What you will do: Copy each record exactly and skip its pictures.

Input:
--- --- ---

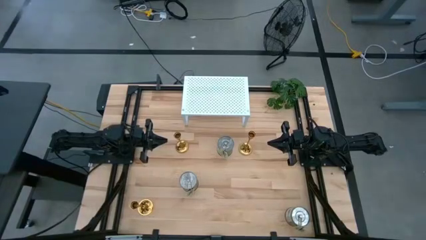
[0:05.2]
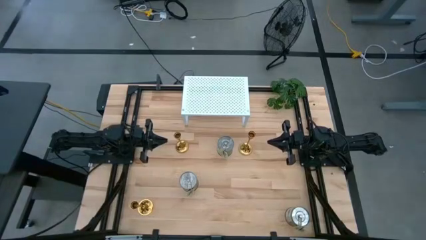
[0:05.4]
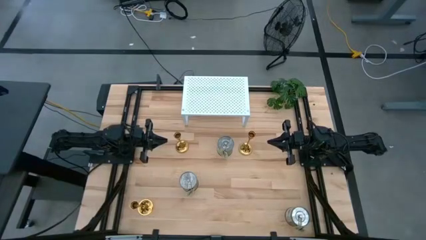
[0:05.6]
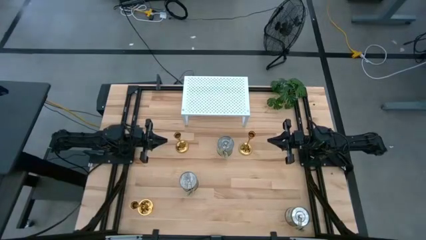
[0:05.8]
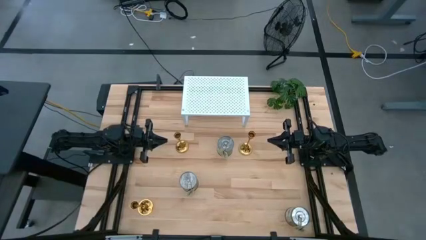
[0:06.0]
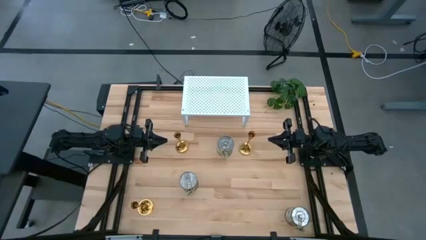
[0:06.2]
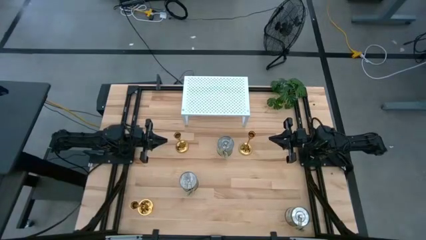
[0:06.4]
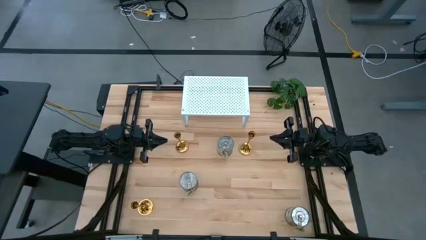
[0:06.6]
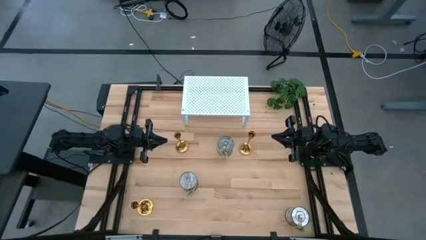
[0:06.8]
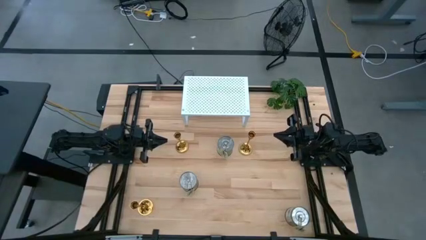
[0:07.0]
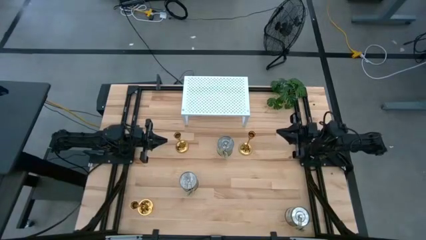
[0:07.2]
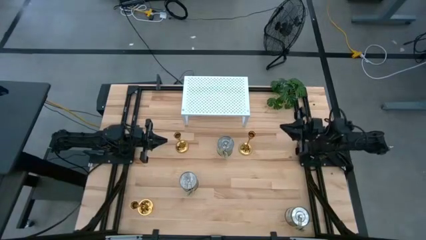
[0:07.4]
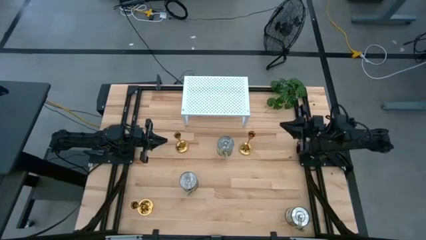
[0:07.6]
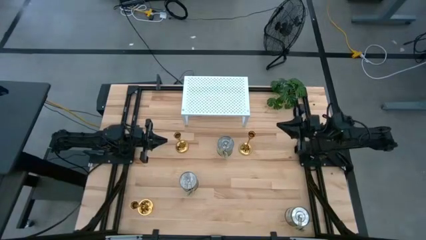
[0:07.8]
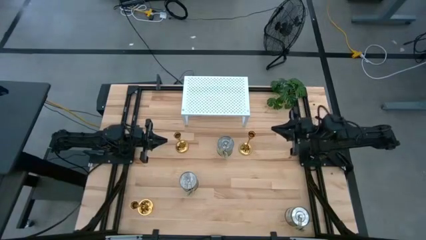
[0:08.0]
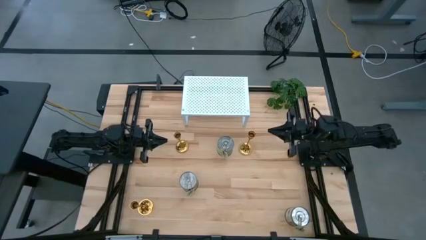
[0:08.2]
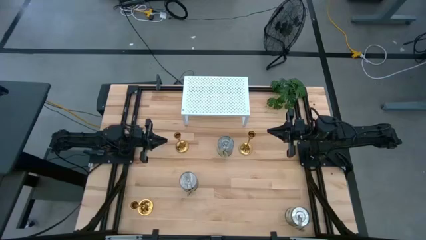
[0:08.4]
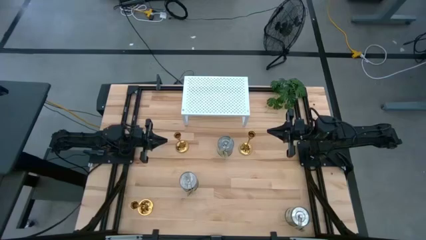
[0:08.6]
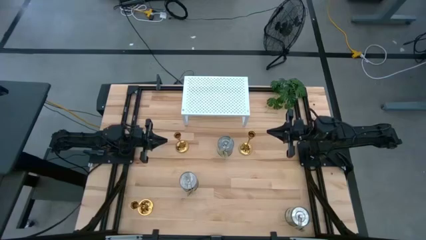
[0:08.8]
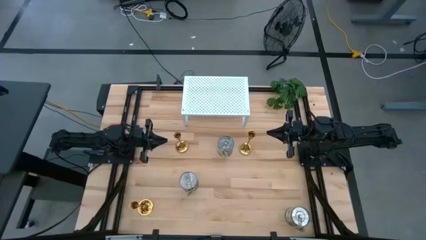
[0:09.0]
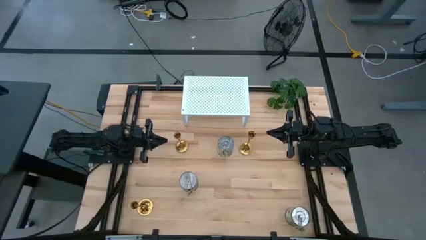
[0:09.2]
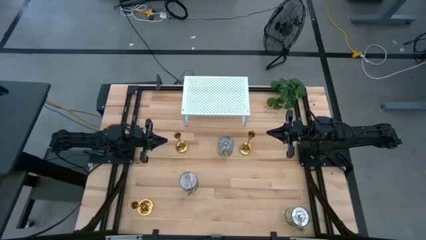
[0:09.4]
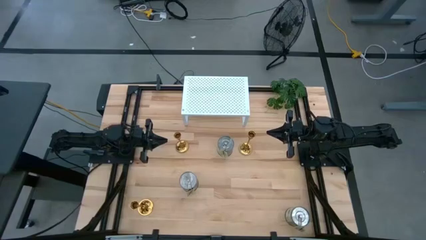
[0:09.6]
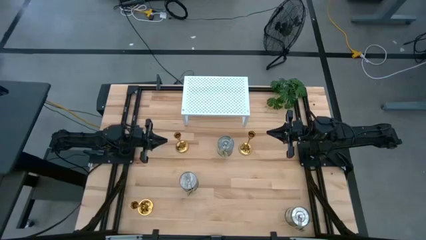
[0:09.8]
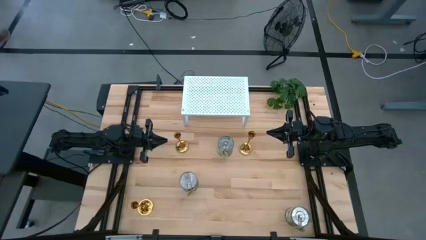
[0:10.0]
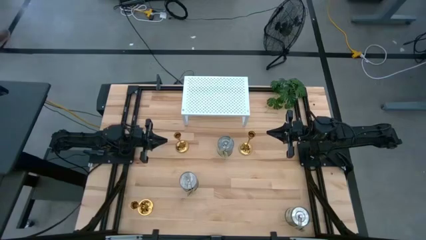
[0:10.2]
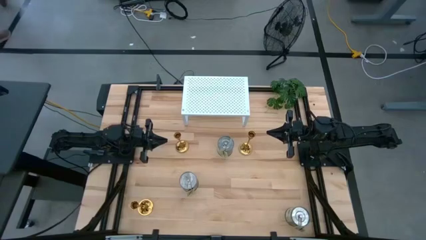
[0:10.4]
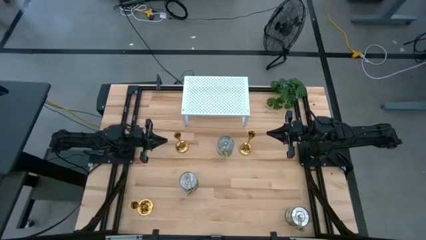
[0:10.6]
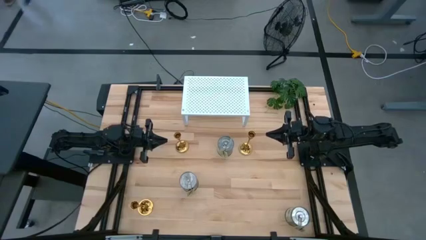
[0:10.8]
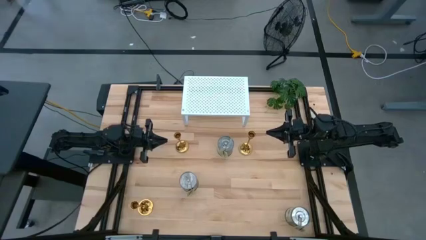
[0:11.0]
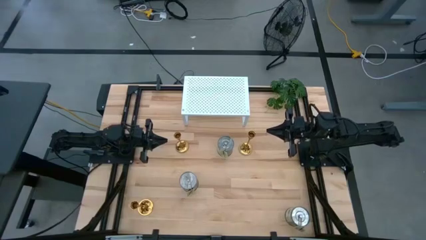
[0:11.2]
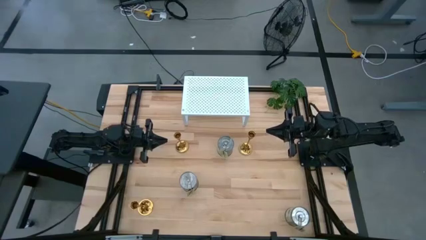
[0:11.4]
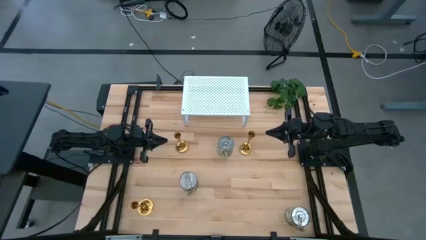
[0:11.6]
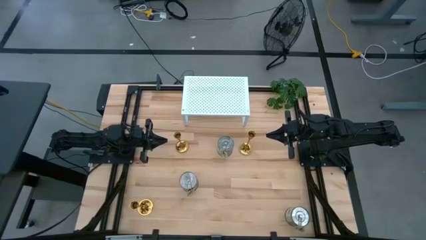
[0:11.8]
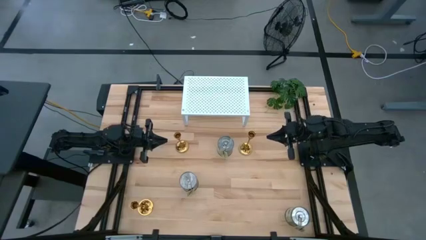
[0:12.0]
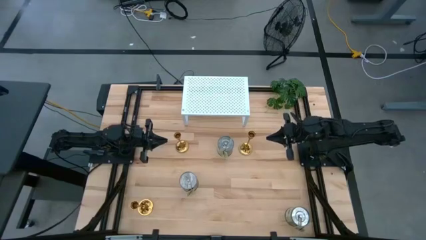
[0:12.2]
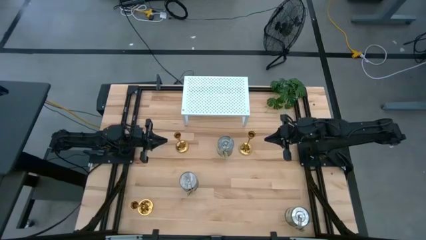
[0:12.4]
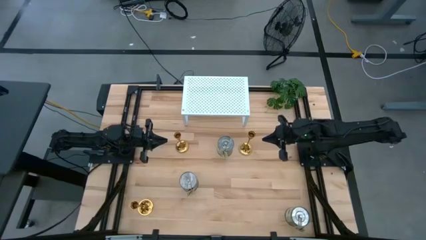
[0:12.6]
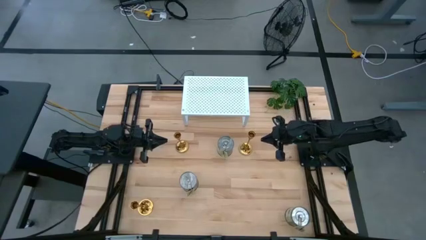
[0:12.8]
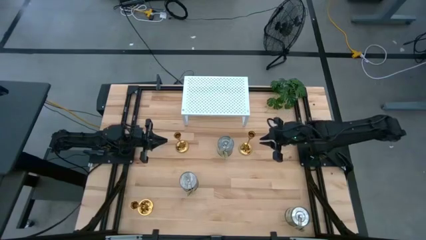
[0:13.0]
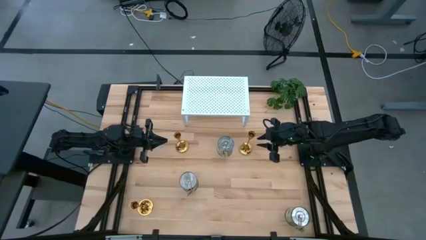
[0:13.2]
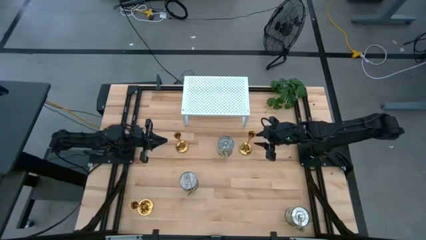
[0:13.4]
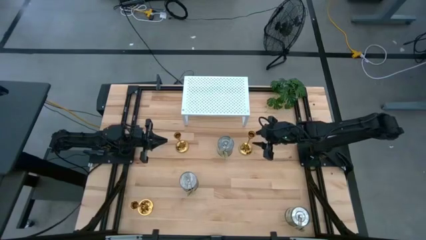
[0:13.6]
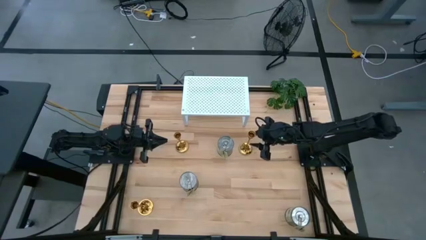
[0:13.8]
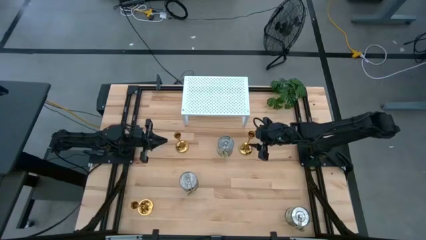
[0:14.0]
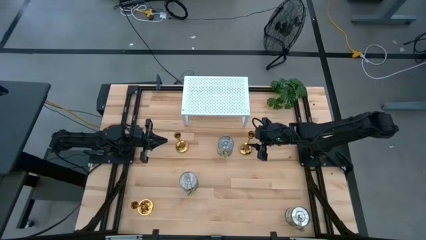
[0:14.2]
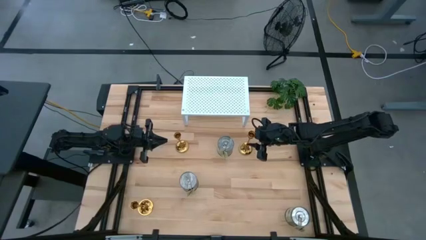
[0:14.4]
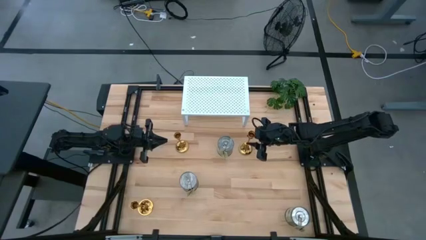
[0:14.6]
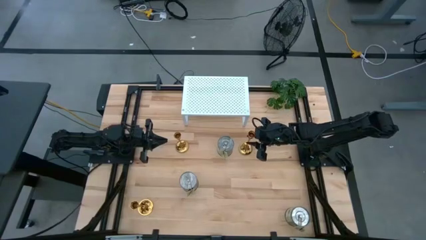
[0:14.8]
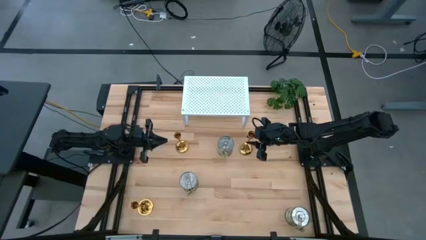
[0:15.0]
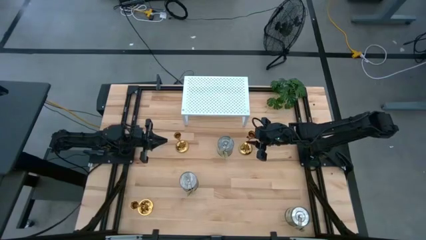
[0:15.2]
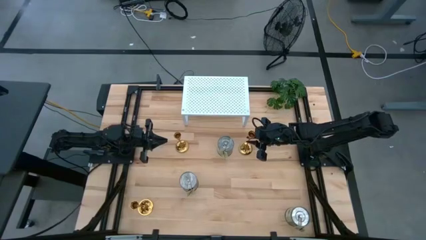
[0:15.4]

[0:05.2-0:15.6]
Task: Pick & Place candle stick holders
Put the right candle holder on the shelf

--- --- ---

Response to the exercise:
[0:05.2]
[0:05.4]
[0:05.6]
[0:05.8]
[0:06.0]
[0:06.2]
[0:06.4]
[0:06.6]
[0:06.8]
[0:07.0]
[0:07.2]
[0:07.4]
[0:07.6]
[0:07.8]
[0:08.0]
[0:08.2]
[0:08.4]
[0:08.6]
[0:08.8]
[0:09.0]
[0:09.2]
[0:09.4]
[0:09.6]
[0:09.8]
[0:10.0]
[0:10.2]
[0:10.4]
[0:10.6]
[0:10.8]
[0:11.0]
[0:11.2]
[0:11.4]
[0:11.6]
[0:11.8]
[0:12.0]
[0:12.2]
[0:12.4]
[0:12.6]
[0:12.8]
[0:13.0]
[0:13.2]
[0:13.4]
[0:13.6]
[0:13.8]
[0:14.0]
[0:14.2]
[0:14.4]
[0:14.6]
[0:14.8]
[0:15.0]
[0:15.2]
[0:15.4]

[0:05.2-0:15.6]
Task: Pick & Place candle stick holders
Put the right candle holder on the shelf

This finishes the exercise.